# Potential Land Squats



## LucasDalton (Sep 18, 2019)

I am in process of planning an extended adventure of indefinite duration in which I plan on finding good squat-able land areas in the US and trying my best to stay there throughout the majority of the season, then migrate like a bird along with the pleasant weather. 

My plan is to build a man hauled Hand Cart similar to the WWII M3A4’s and carry all my necessary survival gear (like a damned beast of burden) so that I can live reasonably comfortably in the woods, YET close enough to an area where I can make most of my money for groceries, etc busking with my guitar. 

I’ll stay in a cool area in the Summer and a warm area in the Winter migrating via walking and hopefully hitching.with my man hauled hand cart. Once I get “home base” set up I’ll use my day pack for excursions and adventures into town. 

I realize this is quite an ask, but I’m wondering if any of you might provide me with some very good and specific land areas that would be near perfect for a vagabond like me in both the Winter and Summer seasons. Taking all the various elements that this endeavor entails into consideration of course. 

How would YOU do it?

Thanks 

Lucas


----------



## Deleted member 23824 (Sep 18, 2019)

You are going to have a couple really long walks every year, in trying to change climates so distinctly. In fact, pushing a hand cart, the weather may change for the worse while walking and before you arrive, and you’ll just have to turn back. Seriously doubt anyone will pick you up with the cart you describe.


----------



## LucasDalton (Sep 18, 2019)

Faceplant said:


> You are going to have a couple really long walks every year, in trying to change climates so distinctly. In fact, pushing a hand cart, the weather may change for the worse while walking and before you arrive, and you’ll just have to turn back. Seriously doubt anyone will pick you up with the cart you describe.

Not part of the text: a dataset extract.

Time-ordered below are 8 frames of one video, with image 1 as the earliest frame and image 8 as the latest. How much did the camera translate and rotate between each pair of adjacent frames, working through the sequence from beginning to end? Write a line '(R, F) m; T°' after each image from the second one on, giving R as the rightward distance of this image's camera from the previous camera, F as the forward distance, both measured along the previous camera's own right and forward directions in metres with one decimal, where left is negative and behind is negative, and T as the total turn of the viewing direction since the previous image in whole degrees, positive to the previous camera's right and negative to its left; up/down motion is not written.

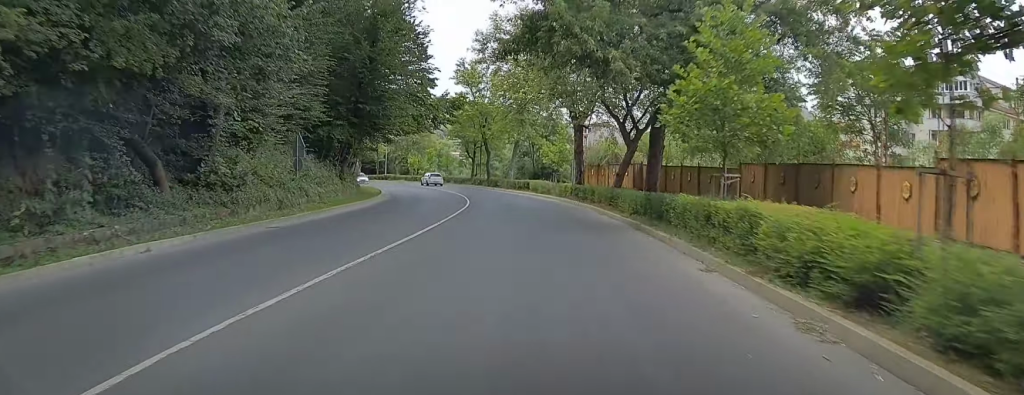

I don’t know man I’ve had pretty decent luck hitching. I even had people pick me up with a bicycle and a bike trailer in tow (although admittedly I think it was because they thought there might be a baby in there, lol) but this Hand Cart will take up much less room than that rig did. 

Anyhow, any ideas on good areas for woodland squats for summer/winter base camps?


----------



## Deleted member 24782 (Sep 18, 2019)

So basically you want to travel around and busk for money and camp in woods? Seems pretty straight forward. You can do that in all 50 states.

The M34A hand cart looks pretty rad for it's antiquity but not very practical if your try to travel long term and cover ground. 

I remember seeing some of those old time kids with guitar packs, thats what what I would do if I was a musician.


----------



## LucasDalton (Sep 18, 2019)

Brodiesel710 said:


> So basically you want to travel around and busk for money and camp in woods? Seems pretty straight forward. You can do that in all 50 states.
> 
> The M34A hand cart looks pretty rad for it's antiquity but not very practical if your try to travel long term and cover ground.
> 
> I remember seeing some of those old time kids with guitar packs, thats what what I would do if I was a musician.



I’m not gonna use a real M3A4 I’m just gonna make something similar, a little smaller and lighter with some upgrades to the design. (IE detachable wheels, and collapsible outer walls so I can reasonably hitch with it).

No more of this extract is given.